Cabrera contends, for the first time on appeal, that the indictment fails to allege an offense because it omits the "arrest" element of illegal reentry. We agree and vacate the conviction.


We review de novo a challenge to the sufficiency of an indictment. United States v. Fitzgerald, 89 F.3d 218, 221 (5th Cir.1996). An indictment's failure to charge an offense constitutes a jurisdictional defect. 2 Because an indictment is jurisdictional, defendants at any time may raise an objection to the indictment based on failure to charge an offense, and the defect is "not waived by a guilty plea." Morales-Rosales, 838 F.2d at 1361-62; see also FED.R.CRIM.P. 12(b)(2). If an objection is "raised for the first time on appeal and the appellant does not assert prejudice, ... the indictment is to be read with maximum liberality finding it sufficient unless it is so defective that by any reasonable construction, it fails to charge the offense for which the defendant is convicted." Fitzgerald, 89 F.3d at 221. 3


To be sufficient, an indictment must allege each material element of the offense; if it does not, it fails to charge that offense. 4 This requirement stems directly from one of the central purposes of an indictment: to ensure that the grand jury finds probable cause that the defendant has committed each element of the offense, hence justifying a trial, as required by the Fifth Amendment. 5

At the time Cabrera allegedly committed the offense, the government, to obtain a conviction under § 1326, 6 was required to prove "[i] that defendant was an alien, [ii] and [iii] that he was 'arrested' and 'deported' as those terms are contemplated by the statute, [iv] that he was subsequently found within this country, and [v] that he did not have consent from the Attorney General to reapply for admission." United States v. Wong Kim Bo, 466 F.2d 1298, 1302 (5th Cir.1972). 7 The parties agree that the indictment fails to allege that Cabrera was "arrested," an element of the offense. This would seem to end our inquiry, as the indictment fails to charge an offense, hence depriving the district court of jurisdiction to accept the guilty plea.

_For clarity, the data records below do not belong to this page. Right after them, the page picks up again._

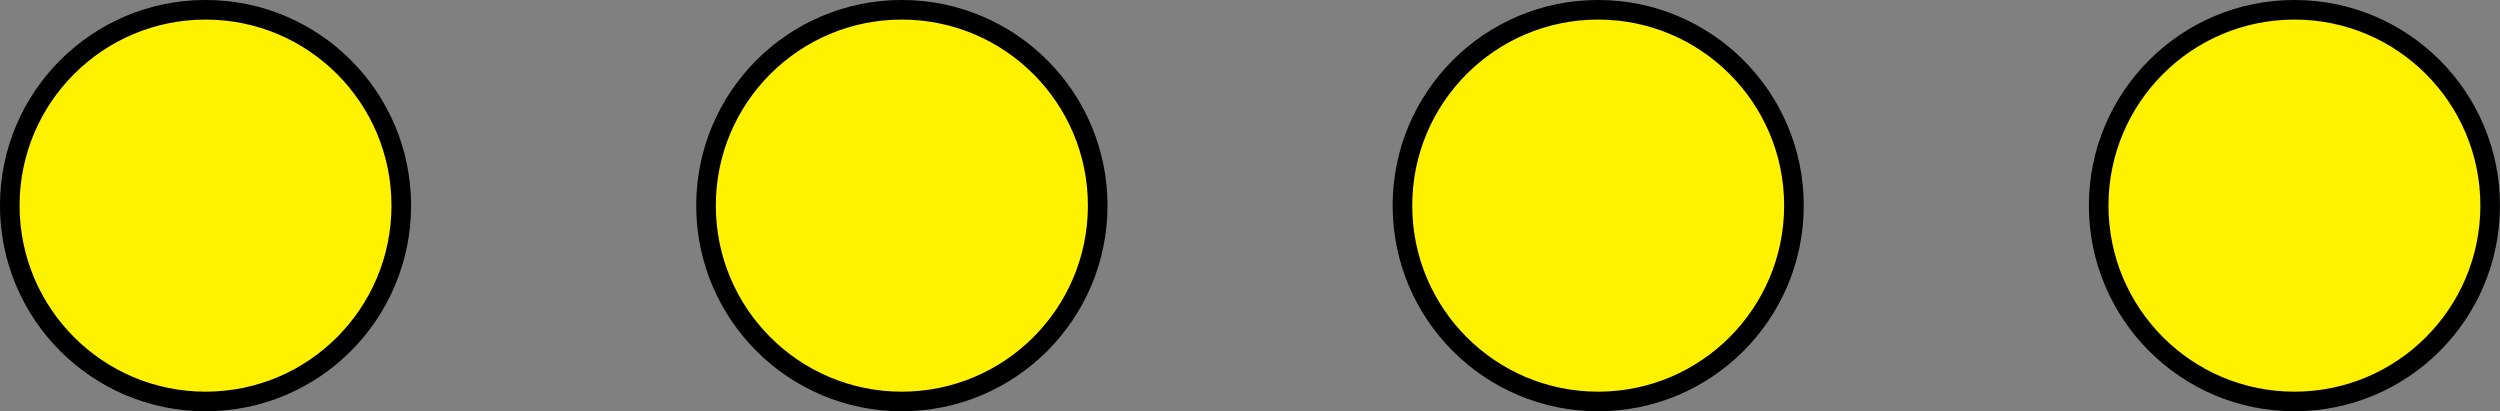 <?xml version="1.0" encoding="UTF-8"?>
<svg xmlns="http://www.w3.org/2000/svg" xmlns:xlink="http://www.w3.org/1999/xlink" width="50.888" height="8.369" viewBox="0 0 50.888 8.369">
<rect x="0" y="0" width="50.888" height="8.369" fill="#808080" stroke="none"/>
<defs>
<clipPath id="clip-0">
<path clip-rule="nonzero" d="M 0 0 L 9 0 L 9 8.367 L 0 8.367 Z M 0 0 "/>
</clipPath>
<clipPath id="clip-1">
<path clip-rule="nonzero" d="M 0 0 L 14 0 L 14 8.367 L 0 8.367 Z M 0 0 "/>
</clipPath>
<clipPath id="clip-2">
<path clip-rule="nonzero" d="M 14 0 L 23 0 L 23 8.367 L 14 8.367 Z M 14 0 "/>
</clipPath>
<clipPath id="clip-3">
<path clip-rule="nonzero" d="M 8 0 L 28 0 L 28 8.367 L 8 8.367 Z M 8 0 "/>
</clipPath>
<clipPath id="clip-4">
<path clip-rule="nonzero" d="M 28 0 L 37 0 L 37 8.367 L 28 8.367 Z M 28 0 "/>
</clipPath>
<clipPath id="clip-5">
<path clip-rule="nonzero" d="M 22 0 L 43 0 L 43 8.367 L 22 8.367 Z M 22 0 "/>
</clipPath>
<clipPath id="clip-6">
<path clip-rule="nonzero" d="M 42 0 L 50.887 0 L 50.887 8.367 L 42 8.367 Z M 42 0 "/>
</clipPath>
<clipPath id="clip-7">
<path clip-rule="nonzero" d="M 37 0 L 50.887 0 L 50.887 8.367 L 37 8.367 Z M 37 0 "/>
</clipPath>
</defs>
<g clip-path="url(#clip-0)">
<path fill-rule="nonzero" fill="rgb(100%, 94.899%, 0%)" fill-opacity="1" d="M 8.168 4.184 C 8.168 1.984 6.387 0.199 4.184 0.199 C 1.984 0.199 0.199 1.984 0.199 4.184 C 0.199 6.387 1.984 8.172 4.184 8.172 C 6.387 8.172 8.168 6.387 8.168 4.184 Z M 8.168 4.184 "/>
</g>
<g clip-path="url(#clip-1)">
<path fill="none" stroke-width="0.399" stroke-linecap="butt" stroke-linejoin="miter" stroke="rgb(0%, 0%, 0%)" stroke-opacity="1" stroke-miterlimit="10" d="M 3.984 0.001 C 3.984 2.201 2.203 3.986 -0 3.986 C -2.2 3.986 -3.985 2.201 -3.985 0.001 C -3.985 -2.202 -2.2 -3.987 -0 -3.987 C 2.203 -3.987 3.984 -2.202 3.984 0.001 Z M 3.984 0.001 " transform="matrix(1, 0, 0, -1, 4.184, 4.185)"/>
</g>
<g clip-path="url(#clip-2)">
<path fill-rule="nonzero" fill="rgb(100%, 94.899%, 0%)" fill-opacity="1" d="M 22.344 4.184 C 22.344 1.984 20.559 0.199 18.355 0.199 C 16.156 0.199 14.371 1.984 14.371 4.184 C 14.371 6.387 16.156 8.172 18.355 8.172 C 20.559 8.172 22.344 6.387 22.344 4.184 Z M 22.344 4.184 "/>
</g>
<g clip-path="url(#clip-3)">
<path fill="none" stroke-width="0.399" stroke-linecap="butt" stroke-linejoin="miter" stroke="rgb(0%, 0%, 0%)" stroke-opacity="1" stroke-miterlimit="10" d="M 18.16 0.001 C 18.16 2.201 16.375 3.986 14.171 3.986 C 11.972 3.986 10.187 2.201 10.187 0.001 C 10.187 -2.202 11.972 -3.987 14.171 -3.987 C 16.375 -3.987 18.16 -2.202 18.16 0.001 Z M 18.16 0.001 " transform="matrix(1, 0, 0, -1, 4.184, 4.185)"/>
</g>
<g clip-path="url(#clip-4)">
<path fill-rule="nonzero" fill="rgb(100%, 94.899%, 0%)" fill-opacity="1" d="M 36.516 4.184 C 36.516 1.984 34.73 0.199 32.531 0.199 C 30.328 0.199 28.547 1.984 28.547 4.184 C 28.547 6.387 30.328 8.172 32.531 8.172 C 34.73 8.172 36.516 6.387 36.516 4.184 Z M 36.516 4.184 "/>
</g>
<g clip-path="url(#clip-5)">
<path fill="none" stroke-width="0.399" stroke-linecap="butt" stroke-linejoin="miter" stroke="rgb(0%, 0%, 0%)" stroke-opacity="1" stroke-miterlimit="10" d="M 32.332 0.001 C 32.332 2.201 30.546 3.986 28.347 3.986 C 26.144 3.986 24.363 2.201 24.363 0.001 C 24.363 -2.202 26.144 -3.987 28.347 -3.987 C 30.546 -3.987 32.332 -2.202 32.332 0.001 Z M 32.332 0.001 " transform="matrix(1, 0, 0, -1, 4.184, 4.185)"/>
</g>
<g clip-path="url(#clip-6)">
<path fill-rule="nonzero" fill="rgb(100%, 94.899%, 0%)" fill-opacity="1" d="M 50.688 4.184 C 50.688 1.984 48.906 0.199 46.703 0.199 C 44.504 0.199 42.719 1.984 42.719 4.184 C 42.719 6.387 44.504 8.172 46.703 8.172 C 48.906 8.172 50.688 6.387 50.688 4.184 Z M 50.688 4.184 "/>
</g>
<g clip-path="url(#clip-7)">
<path fill="none" stroke-width="0.399" stroke-linecap="butt" stroke-linejoin="miter" stroke="rgb(0%, 0%, 0%)" stroke-opacity="1" stroke-miterlimit="10" d="M 46.504 0.001 C 46.504 2.201 44.722 3.986 42.519 3.986 C 40.32 3.986 38.535 2.201 38.535 0.001 C 38.535 -2.202 40.32 -3.987 42.519 -3.987 C 44.722 -3.987 46.504 -2.202 46.504 0.001 Z M 46.504 0.001 " transform="matrix(1, 0, 0, -1, 4.184, 4.185)"/>
</g>
</svg>

The government, however, attempts to evade this result by asserting that the error is technical, that Cabrera sought and reviewed records from his prior deportation hearing to determine whether he had a defense before entering his guilty plea, that the criminal complaint included the term "arrest," and that the statutory citation in the indictment informed Cabrera of the offense charged. None of these observations saves the indictment from facial deficiency.


The government makes several references to the "technical" nature of the error. It is true that we are governed by practical considerations and should not reverse a conviction based on a purely technical error in the indictment. See Gaytan, 74 F.3d at 551. But the failure to allege the arrest element of the offense is not technical. As this court explained in Wong Kim Bo, the "arrest" is an essential element of the offense; we addressed to what the arrest element referred, concluding that it referenced an arrest after a deportation hearing and the issuance of a warrant of deportation (Form I-205) pursuant to 8 C.F.R. § 243.2. See Wong Kim Bo, 466 F.2d at 1304.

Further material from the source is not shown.